Çağdaş Yaşamı Destekleme Derneği yazılı bir açıklama yaparak; İngiltere’den Adana’ya gelen çöpler, İliç Altın Madeninden doğaya sızan siyanür ve son olarak Brezilya donanmasına ait asbest barındıran savaş gemisinin Aliağa’da sökümüne izin verilmesi konularında Hükümete tepki gösterdi. ÇYDD açıklamasında, Türkiye Cumhuriyeti Anayasası’nın 56. maddesini hatırlatarak; “Herkes, sağlıklı ve dengeli bir çevrede yaşama hakkına sahiptir. Çevreyi geliştirmek, çevre sağlığını korumak ve çevre kirlenmesini önlemek devletin ve vatandaşların ödevidir.”, dedi.
Açıklama şöyle:
Toprağımızın, suyumuzun ve havamızın kirletilmesine, halk sağlığının tehlikeye atılmasına sessiz kalamayız!
Ülkemizde son zamanlarda sıklıkla gündeme gelen çevre kirliliği, doğa katliamı ve halk sağlığının tehdidi konularına bir yenisi daha eklendi.

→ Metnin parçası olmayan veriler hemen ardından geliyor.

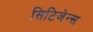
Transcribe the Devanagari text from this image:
सिटिजेन्स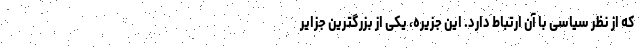
که از نظر سیاسی با آن ارتباط دارد. این جزیره، یکی از بزرگترین جزایر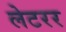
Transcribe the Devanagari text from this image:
लेटरर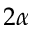
2 \alpha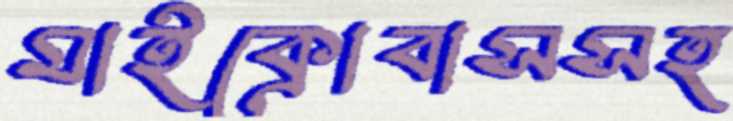
মাইক্রোবাসসহ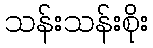
သန်းသန်းစိုး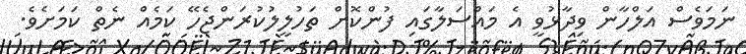
ނަމަވެސް އަލްހާން ވިދާޅުވީ އެ މައްސަލާގައި ފުންކޮށް ތަހުލީލުކުރަންޖެހޭ ކަމެއް ނެތް ކަމަށެވެ.
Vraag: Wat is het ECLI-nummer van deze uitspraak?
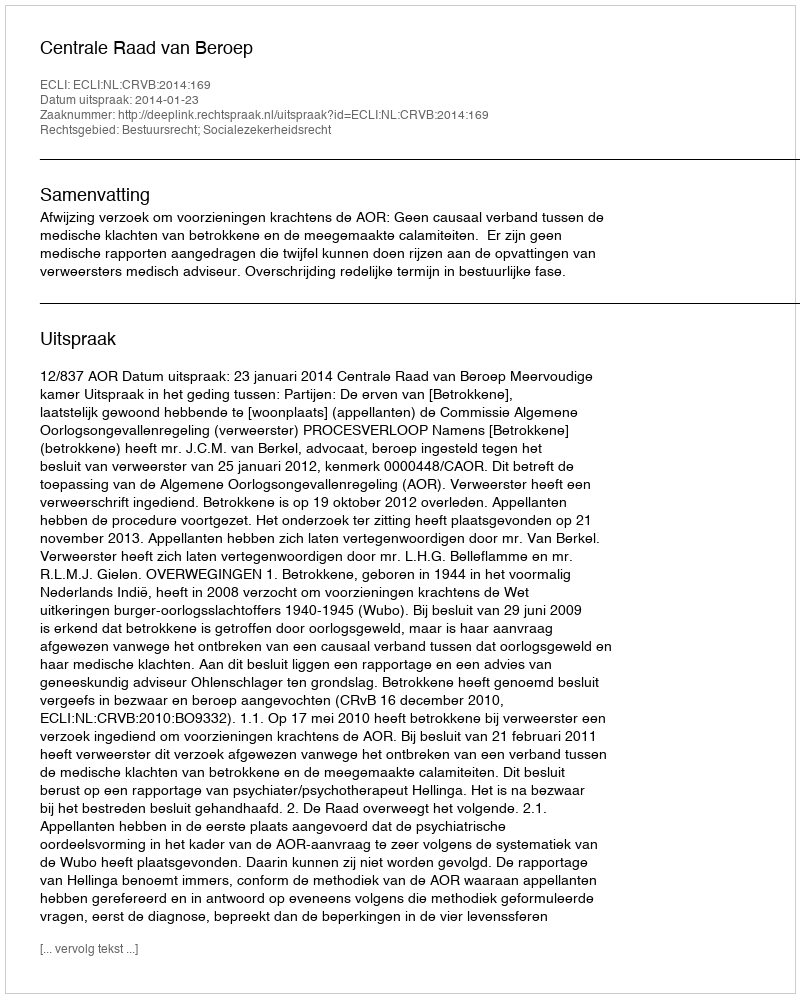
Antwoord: ECLI:NL:CRVB:2014:169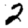
Digit: 2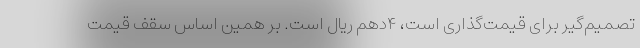
تصمیم‌گیر برای قیمت‌گذاری است، ۴دهم ریال است. بر همین اساس سقف قیمت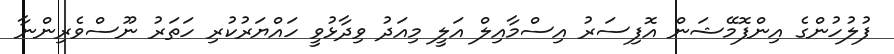
ފުލުހުންގެ އިންފޮމޭޝަން އޮފިސަރު އިސްމާއިލް އަލީ މިއަދު ވިދާޅުވީ ހައްޔަރުކުރި ހަތަރު ނޫސްވެރިންނާ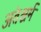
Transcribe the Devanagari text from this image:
अंतश्चर्म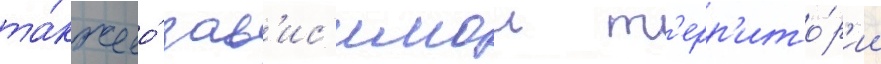
та́кже ео́ зав'ис'имои т'ерр'ито́р'ии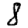
Digit: 8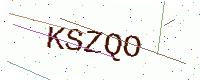
Text: KSZQO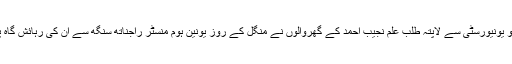
جواہر لال نہرو یونیورسٹی سے لاپتہ طلب علم نجیب احمد کے گھروالوں نے منگل کے روز یونین ہوم منسٹر راجناتھ سنگھ سے ان کی رہائش گاہ پر ملاقات کی۔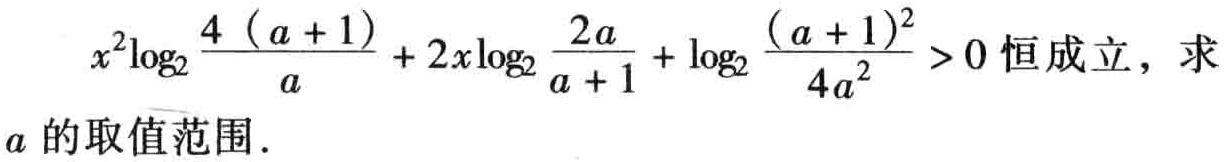
\(x^{2}\log_{2}\frac{4(a + 1)}{a}+2x\log_{2}\frac{2a}{a + 1}+\log_{2}\frac{(a + 1)^{2}}{4a^{2}}>0\)恒成立，求\(a\)的取值范围.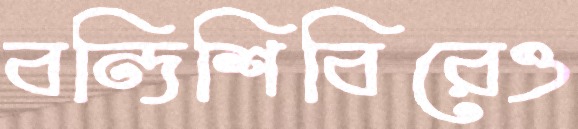
বন্দিশিবিরেও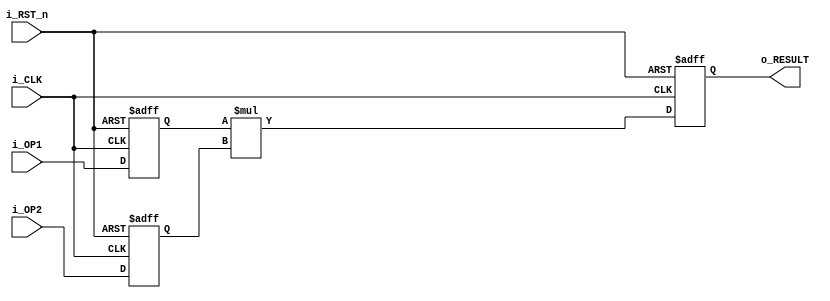
module mult_64(i_CLK, i_RST_n, i_OP1, i_OP2, o_RESULT);

input           i_CLK;
input           i_RST_n;
input   [63:0]  i_OP1;
input   [63:0]  i_OP2;
output  [127:0] o_RESULT;

reg  [63:0] op1_r;  
reg  [63:0] op2_r; 

reg  [127:0] result_r;


always @(posedge i_CLK, negedge i_RST_n)
    if (~i_RST_n) begin
        op1_r <= 64'd0;
        op2_r <= 64'd0;
    end else begin
        op1_r <= i_OP1;
        op2_r <= i_OP2;
    end

always @(posedge i_CLK, negedge i_RST_n)
    if (~i_RST_n) begin
        result_r <= 128'd0;
    end else begin
        result_r <= op1_r*op2_r;
    end

assign o_RESULT = result_r;

endmodule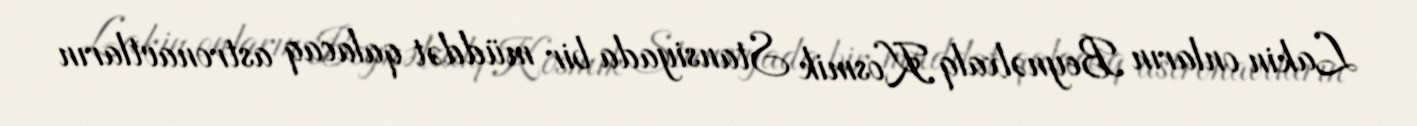
Lakin onların Beynəlxalq Kosmik Stansiyada bir müddət qalacaq astronavtların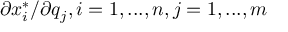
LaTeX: \partial x _ { i } ^ { * } / \partial q _ { j } , i = 1 , . . . , n , j = 1 , . . . , m
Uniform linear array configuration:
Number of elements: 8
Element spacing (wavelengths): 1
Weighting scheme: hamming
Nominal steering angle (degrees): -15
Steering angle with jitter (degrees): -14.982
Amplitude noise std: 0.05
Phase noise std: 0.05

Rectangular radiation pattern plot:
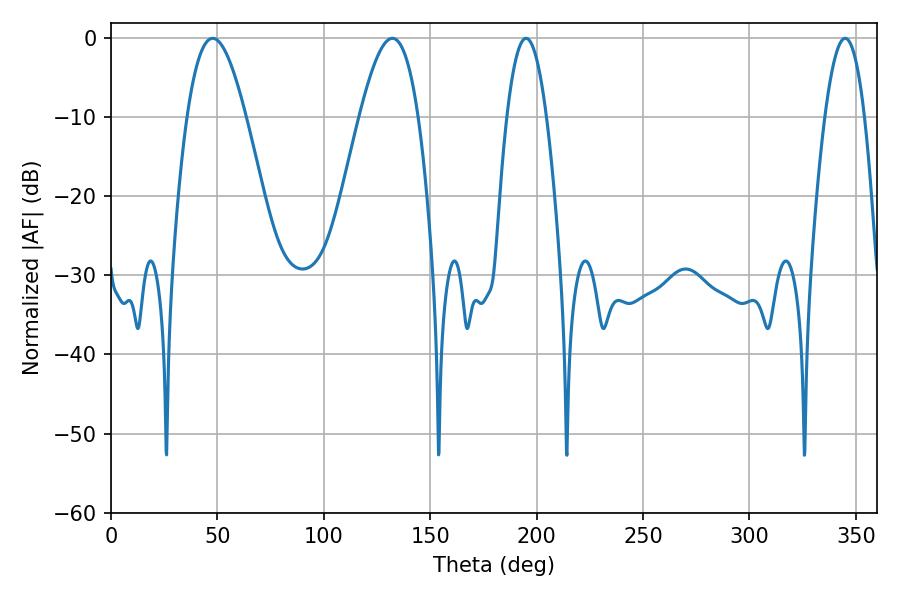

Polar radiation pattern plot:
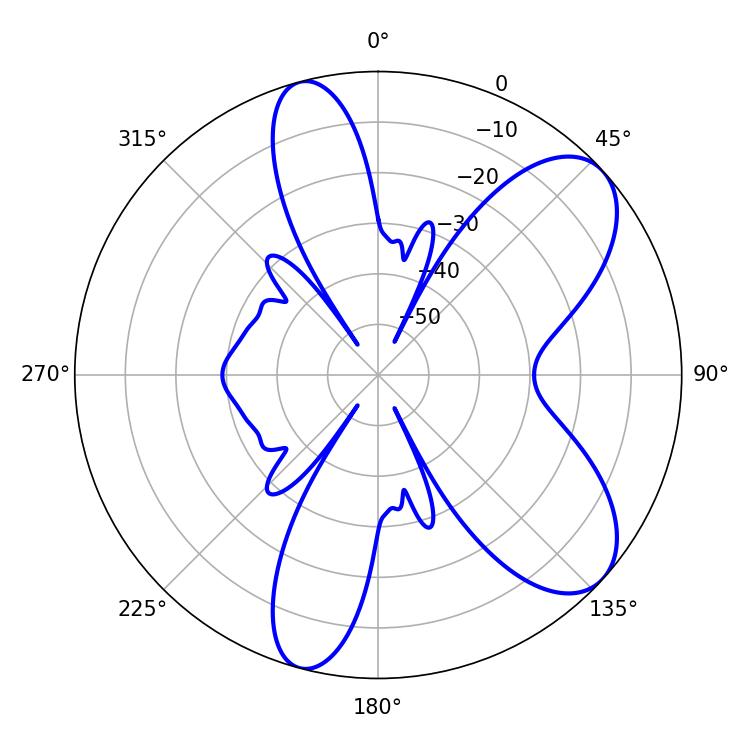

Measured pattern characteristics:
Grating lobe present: TRUE
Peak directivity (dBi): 7.896
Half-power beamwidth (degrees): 14.94
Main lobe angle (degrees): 47.7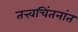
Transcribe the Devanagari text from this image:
तत्त्वचिंतनांत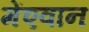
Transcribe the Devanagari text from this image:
मेंएवान

Çevre, Şehircilik ve İklim Değişikliği Bakanlığı’nın, Brezilya donanmasına ait savaş gemisinin Aliağa’da sökümü için bir denizcilik firmasına 30 Mayıs 2022’de izin verdiği basına yansımıştır. Yüklü miktarda asbest barındıran geminin sökümünün İzmir’de gerçekleştirilmesi, ülkemizdeki halk sağlığını ve çevre kirliliğini düşüncesizce tehlikeye atıyor. Yine aynı geminin asbest yükü nedeniyle başka ülkelerce söküm için kabul edilmediği de basına yansımıştır.
Bunlar yaşanırken gündemdeki diğer çevre katliamı konularını da endişeyle takip ediyoruz. Erzincan’ın İliç ilçesinde bulunan maden sahası bütün Fırat nehri havzasını, çevreyi kirletip ve yaşamı tehdit ederken ülkemizin Avrupa’nın plastik çöplerini yoğun şekilde ithal etmekte olduğu ve önce yabancı sonra da ulusal basında haber olmuştur.
Türkiye Cumhuriyeti Anayasası’nın 56. maddesini herkese hatırlatmak isteriz: “Herkes, sağlıklı ve dengeli bir çevrede yaşama hakkına sahiptir. Çevreyi geliştirmek, çevre sağlığını korumak ve çevre kirlenmesini önlemek devletin ve vatandaşların ödevidir.”
İnsan sağlığını ve çevre haklarını hiçe sayan tüm bu uygulamaların vereceği zararlar, çok yakında geri dönülmez boyuta ulaşacaktır. Unutulmamalıdır ki doğanın yani havanın, suyun, toprağın, ormanın eş değeri yoktur; bunların hiçe sayıldığı bir dünyada yaşamın sürdürülmesi de olanaksızdır.
Halk sağlığı ve çevre kirliliği açısından çok büyük risk ve sorun teşkil eden uygulamalara bir an önce son verilmesi gereklidir. Ülkemizin kaynaklarının umarsızca tüketilmesinin ve vatandaşlarının sağlığının tehlikeye atılmasının önüne geçilmelidir.
Çağdaş Yaşamı Destekleme Derneği olarak doğa yıkımına karşı gelen tüm yaşam savunucularının yanındayız ve tüm bilimsel ve hukuki süreçlerin takipçisiyiz.